[[ Input records open ]]
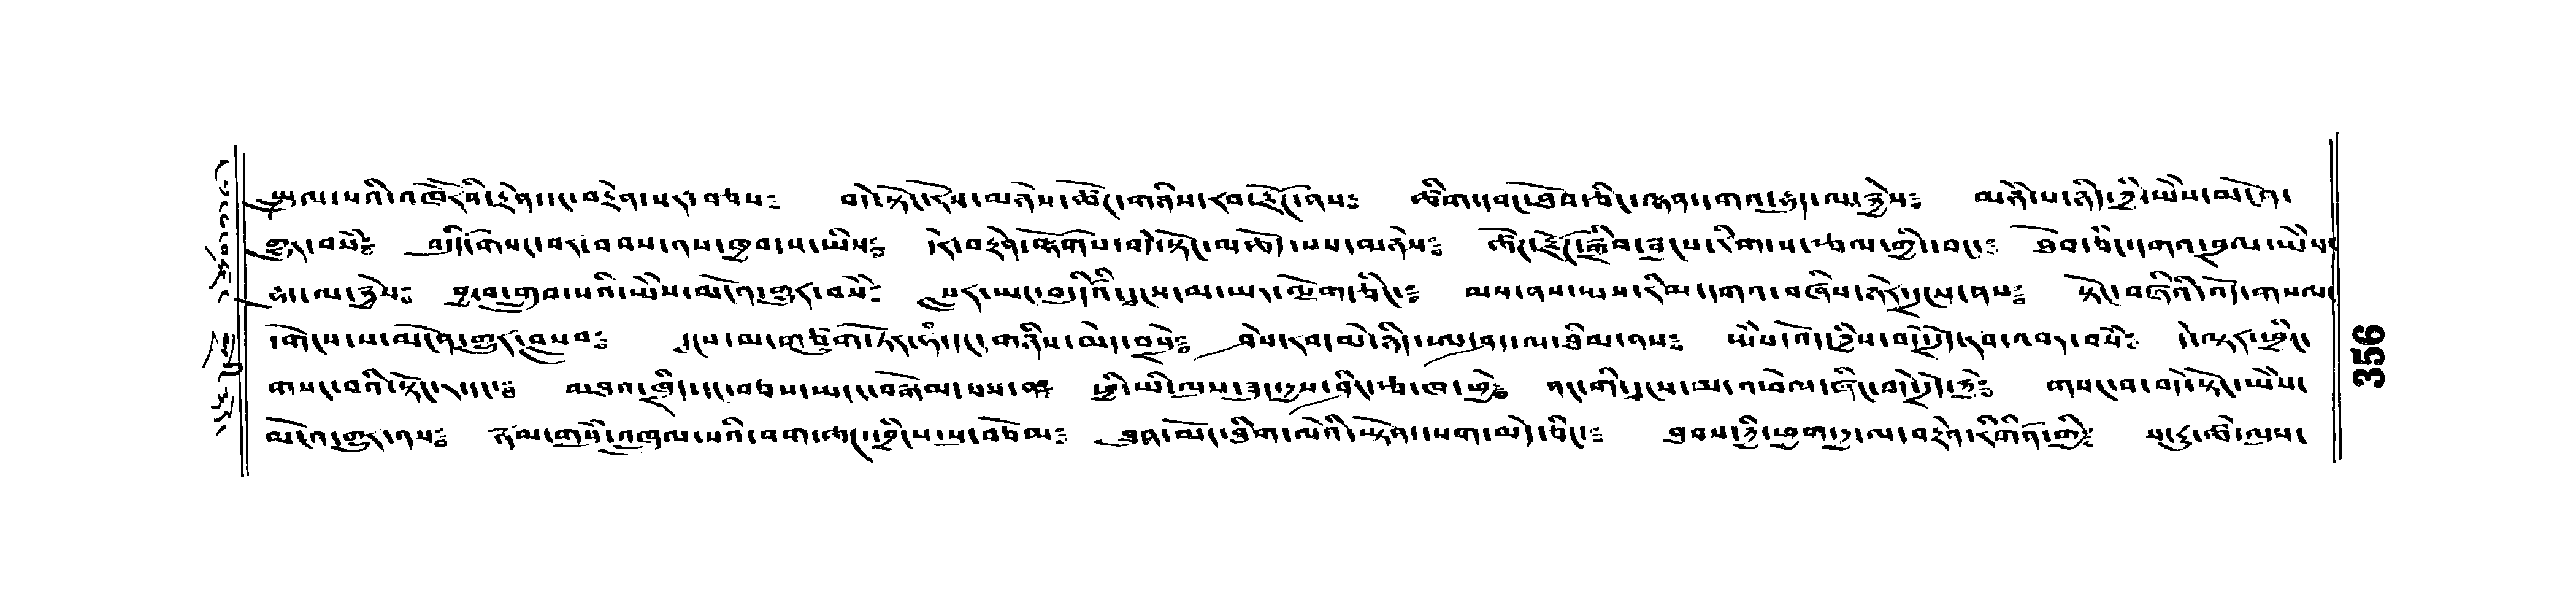སྤྲུལ་པའི་འཁོར་ལོའི་རྟེན་དང་བརྟེན་པར་བཅས༔ བདེ་སྟོང་རོས་མཉེས་ཚོགས་གཉིས་རབ་རྫོགས་ནས༔ ཚིག་དབང་ཐོབ་ཅིང་ལྷན་དགའ་རྒྱུད་ལ་སྐྱེས༔ མཉམ་པ་ཉིད་ཀྱི་ཡེ་ཤེས་མངོན་
གྱུར་བསམ༔ བདུད་རྩི་གསང་བར་བབས་ནས་ཁྱབ་པ་ཡིས༔དེར་བརྟེན་ལྷ་ཚོགས་བདེ་སྟོང་མཆོད་པས་མཉེས༔ ཚོགས་རྫོགས་སྒྲིབ་སྦྱངས་རིག་པ་རྩལ་གྱི་དབང༔ ཐོབ་ཅིང་དགའ་བྲལ་ཡེ་ཤེས་
རྒྱུད་ལ་སྐྱེས༔ བྱ་བ་གྲུབ་པའི་ཡེ་ཤེས་མངོན་གྱུར་བསམ༔ སླར་ཡང་བདུད་རྩིའི་དྭངས་མ་ཡར་ལྡོག་ཅིང༔ མས་ནས་ཡས་རིམ་དགའ་བཞིས་ཉེར་དྲངས་ནས༔ སྟོང་བཞིའི་འོད་གསལ་
དགོངས་པ་མངོན་གྱུར་བསླབ༔ དྭངས་མ་གཙུག་ཏོར་ཧཾ་དང་གཉིས་མེད་བསྲེ༔ ཤེས་རབ་མེ་ཉིད་ཨ་ཤད་ལ་ཐིམ་ནས༔ ཡེ་ཤེས་འོད་ཀྱིས་བདེ་དྲོད་རབ་འབར་བསམ༔ དེ་ལྟར་ཕྱི་ནང་
གསང་བའི་སྟོང་ར་དང༔ མཐའ་ཁྲིད་དང་བཅས་ཡང་ཡང་བསྒོམ་པས་ན༔ ཕྱི་ཡི་ལུས་གཟུངས་རྒྱས་ཤིང་རྩ་ཁ་ཕྱེ༔ ནང་གི་དྭངས་མ་འཕེལ་ཞིང་བདེ་དྲོད་སྐྱེ༔ གསང་བ་བདེ་སྟོང་ཡེ་ཤེས་
མངོན་གྱུར་ནས༔ རྣམ་གསུམ་འཁྲུལ་པའི་བག་ཆགས་དབྱིངས་སུ་བཅོམ༔ ཐུན་མོང་ཐིག་ལེའི་ཡོན་ཏན་དཔག་མེད་ཅིང༔ ཐབས་ཀྱི་ཕྱག་རྒྱ་ལ་བརྟེན་རིག་འཛིན་གྱི༔ ས་རུ་ཚེ་ལུས་
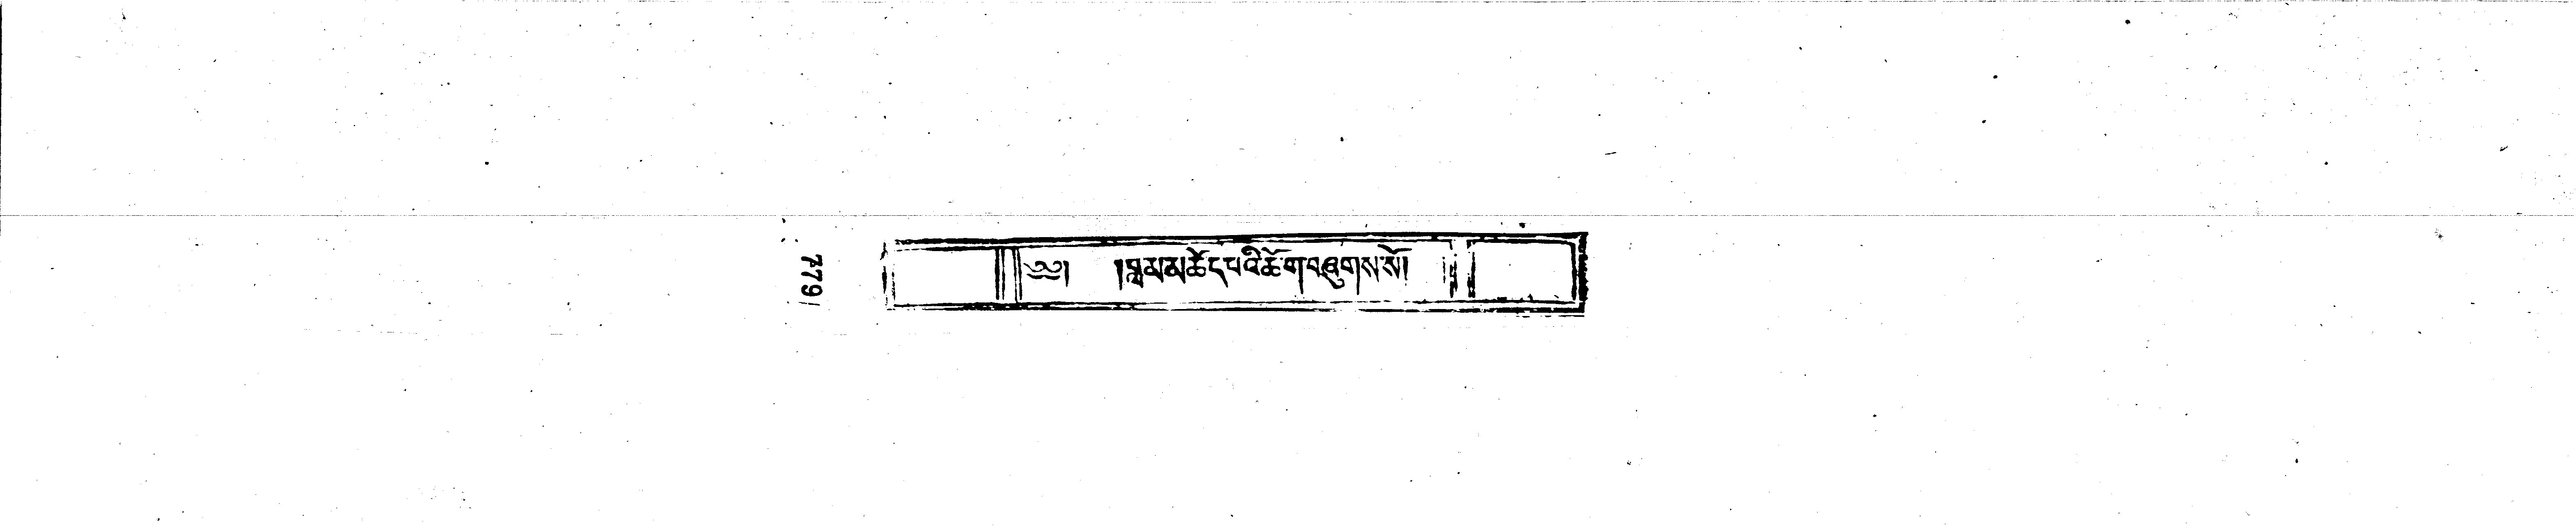༄༅། །བླ་མ་མཆོད་པའི་ཆོ་ག་བཞུགས་སོ།
[[ Input records closed ]]
= What is being asked =
Give the records a second time exactly, keeping the images out.

= Response for this exercise =
སྤྲུལ་པའི་འཁོར་ལོའི་རྟེན་དང་བརྟེན་པར་བཅས༔ བདེ་སྟོང་རོས་མཉེས་ཚོགས་གཉིས་རབ་རྫོགས་ནས༔ ཚིག་དབང་ཐོབ་ཅིང་ལྷན་དགའ་རྒྱུད་ལ་སྐྱེས༔ མཉམ་པ་ཉིད་ཀྱི་ཡེ་ཤེས་མངོན་
གྱུར་བསམ༔ བདུད་རྩི་གསང་བར་བབས་ནས་ཁྱབ་པ་ཡིས༔དེར་བརྟེན་ལྷ་ཚོགས་བདེ་སྟོང་མཆོད་པས་མཉེས༔ ཚོགས་རྫོགས་སྒྲིབ་སྦྱངས་རིག་པ་རྩལ་གྱི་དབང༔ ཐོབ་ཅིང་དགའ་བྲལ་ཡེ་ཤེས་
རྒྱུད་ལ་སྐྱེས༔ བྱ་བ་གྲུབ་པའི་ཡེ་ཤེས་མངོན་གྱུར་བསམ༔ སླར་ཡང་བདུད་རྩིའི་དྭངས་མ་ཡར་ལྡོག་ཅིང༔ མས་ནས་ཡས་རིམ་དགའ་བཞིས་ཉེར་དྲངས་ནས༔ སྟོང་བཞིའི་འོད་གསལ་
དགོངས་པ་མངོན་གྱུར་བསླབ༔ དྭངས་མ་གཙུག་ཏོར་ཧཾ་དང་གཉིས་མེད་བསྲེ༔ ཤེས་རབ་མེ་ཉིད་ཨ་ཤད་ལ་ཐིམ་ནས༔ ཡེ་ཤེས་འོད་ཀྱིས་བདེ་དྲོད་རབ་འབར་བསམ༔ དེ་ལྟར་ཕྱི་ནང་
གསང་བའི་སྟོང་ར་དང༔ མཐའ་ཁྲིད་དང་བཅས་ཡང་ཡང་བསྒོམ་པས་ན༔ ཕྱི་ཡི་ལུས་གཟུངས་རྒྱས་ཤིང་རྩ་ཁ་ཕྱེ༔ ནང་གི་དྭངས་མ་འཕེལ་ཞིང་བདེ་དྲོད་སྐྱེ༔ གསང་བ་བདེ་སྟོང་ཡེ་ཤེས་
མངོན་གྱུར་ནས༔ རྣམ་གསུམ་འཁྲུལ་པའི་བག་ཆགས་དབྱིངས་སུ་བཅོམ༔ ཐུན་མོང་ཐིག་ལེའི་ཡོན་ཏན་དཔག་མེད་ཅིང༔ ཐབས་ཀྱི་ཕྱག་རྒྱ་ལ་བརྟེན་རིག་འཛིན་གྱི༔ ས་རུ་ཚེ་ལུས་
༄༅། །བླ་མ་མཆོད་པའི་ཆོ་ག་བཞུགས་སོ།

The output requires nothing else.